@TheGreatDuck This sounds interesting... please continue (despite my saracasm)

Pascal's triangle lets you calculate $(1)+(1+2)+(1+2+3)+\dotsb+(1+2+\dotsb+n)$ pretty easily

yay triangular numbers

triangles 101

Combinatorics says that $\sum\sum\sum\dots\sum1$ is pretty easy to calculate as well

Apologies for potato quality

@AkivaWeinberger Love that pic!

lol

Blue is triangular numbers, red is sum of blue

if you pick the points at the other ends of the lines, then you have picked the farthest most point. However, rays can be infinitely extended. Therefore, you can extend the point further out.
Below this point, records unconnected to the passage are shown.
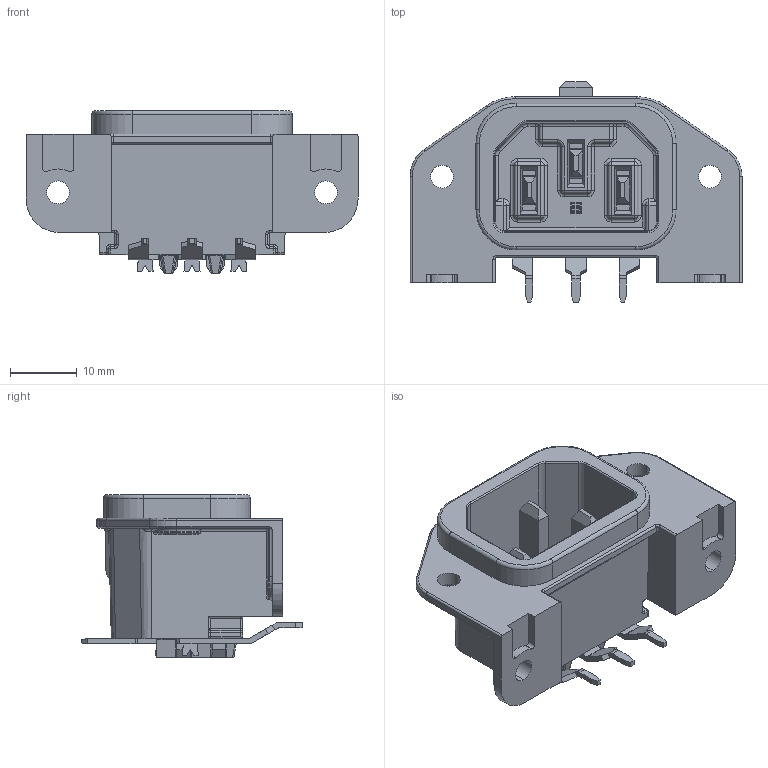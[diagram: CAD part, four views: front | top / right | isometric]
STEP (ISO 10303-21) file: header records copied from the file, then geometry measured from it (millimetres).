
FILE_DESCRIPTION (( 'STEP AP214' ), '1' );
FILE_NAME ('0100.2040_03.STEP', '2011-11-15T10:16:59', ( 'AnwenderIn' ), ( 'SCHURTER AG' ), 'SwSTEP 2.0', 'SolidWorks 2008', '' );
FILE_SCHEMA (( 'AUTOMOTIVE_DESIGN' ));
Length unit declared in the file: millimetre
Products named in the file (1): 0100.2040_03
Bounding box: 49.6 x 33.01 x 24.3 mm (x, y, z)
Volume: 6907.8 mm3; surface area: 8521 mm2
Topology: 1 solids, 1 shells, 821 faces, 2127 edges, 1311 vertices
Faces by surface type: plane 426, cylinder 248, torus 83, bspline 29, cone 24, sphere 11
Entity records: 25231 total; most frequent: CARTESIAN_POINT 5427, ORIENTED_EDGE 4232, DIRECTION 4058, EDGE_CURVE 2116, VECTOR 1422, LINE 1422, AXIS2_PLACEMENT_3D 1318, VERTEX_POINT 1309
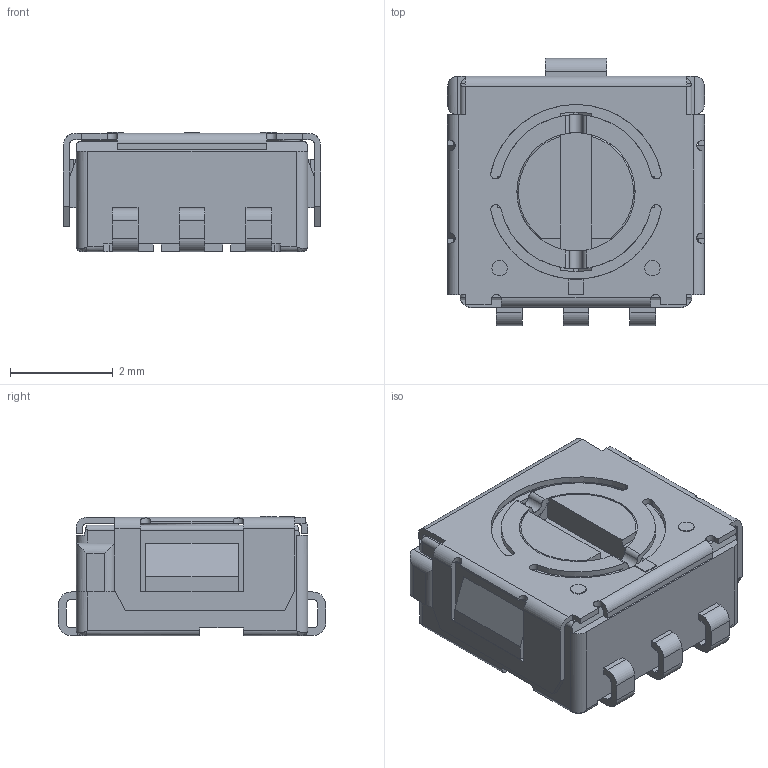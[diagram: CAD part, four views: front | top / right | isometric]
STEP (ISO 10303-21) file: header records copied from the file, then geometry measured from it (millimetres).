
FILE_DESCRIPTION(/* description */ (''),/* implementation_level */ '2;1');
FILE_NAME(/* name */ 'Nidec Copal CS-4-13NTA.step',/* time_stamp */ '2022-09-25T04:54:33+01:00',/* author */ (''),/* organization */ (''),/* preprocessor_version */ 'ST-DEVELOPER v19',/* originating_system */ 'Autodesk Translation Framework v11.7.0.108',/* authorisation */ '');
FILE_SCHEMA (('AUTOMOTIVE_DESIGN { 1 0 10303 214 3 1 1 }'));
Length unit declared in the file: millimetre
Products named in the file (3): Nidec Copal CS-4-13NTA; CS-4-13NA7 Dial; CS-4-13NA Body
Assembly tree (2 placements, depth 2):
  Nidec Copal CS-4-13NTA
    CS-4-13NA7 Dial
    CS-4-13NA Body
Bounding box: 5 x 5.2 x 2.32 mm (x, y, z)
Volume: 44.5 mm3; surface area: 190.5 mm2
Topology: 2 solids, 2 shells, 252 faces, 731 edges, 480 vertices
Faces by surface type: plane 157, cylinder 89, bspline 4, torus 2
Full cylindrical faces by diameter (mm): 0.3 x2, 0.4 x1, 0.8 x4, 2.3 x1, 3.4 x2, 3.8 x1
Entity records: 9038 total; most frequent: CARTESIAN_POINT 1910, ORIENTED_EDGE 1462, DIRECTION 1405, EDGE_CURVE 731, LINE 499, VECTOR 499, VERTEX_POINT 480, AXIS2_PLACEMENT_3D 453

Therefore, it is not the end of the triangle. Therefore, the ends of pascals triangle are not points. Therefore, the bottom of pascals triangle can never be constructed. Therefore, pascals triangle is not a polygon.

Now can we stop calling it pascals triangle?

No.

^

Any finite truncation of it is a triangle. That's good enough for me.

@AkivaWeinberger Where'd you get the pic? Is there a bigger version of it i can download?

@Jeff I made it a while ago. I found a picture of Pascal's triangle on Google Images, and colored in blue and red bits in Paint.

Interestingly, Wikipedia gives the earliest description of the arrangement of binomial coefficients into a triangular structure as 975 AD.

@Semiclassical Please continue.

Found the original

@AkivaWeinberger It just bothers me how the blue $1$ isn't "collinear" with the other blue hexagons.

(math.stackexchange.com/a/980991/166353)

The history on Wikipedia is here, if you want: en.wikipedia.org/wiki/Pascal%27s_triangle#History

@SteamyRoot That was on purpose.

I'd quote further from that but eh.

link is simpler

It makes it clearer that the red is the sum of the blue.

It also includes a reference to Pingala in the 2nd century BC. But there's not enough of the relevant texts surviving to know whether the 'triangular' aspect was recognized back then as well.

I say that we rename it to be Pascal's Stack.

No.

Triangle is fine.

and it is turtles all the way down

it eeez not a triongal!

Pascal's quadrant? :P

I guess I'd call it Pascal's triangles, though. Plural

(said with a really weird accent)

Since there's really an infinite number of row truncations, each of which is a triangle.

@Semiclassical prove that you can construct an infinite number of equilateral triangles in the euclidean plane?

That's kinda trivial

you can tile the Euclidean plane with equilateral triangles

I mean, if you want countably infinite it's enough to take sides of integer length.

That too.

Hm, does anything interesting come out of making a Pascal's tetrahedron?

But I mostly just think this is a garbage discussion. People having been calling it triangular for centuries, across various cultures.

The name is settled.

@SteamyRoot really? I didn't know you sat through eternity and did it!

@BalarkaSen ffs.

I love this chatroom.

@Dodsy than marry the chat room. Not the people in it though. That'd be polygamy. Marry the HTML page.

@AkivaWeinberger How would one do that? My guess is yes.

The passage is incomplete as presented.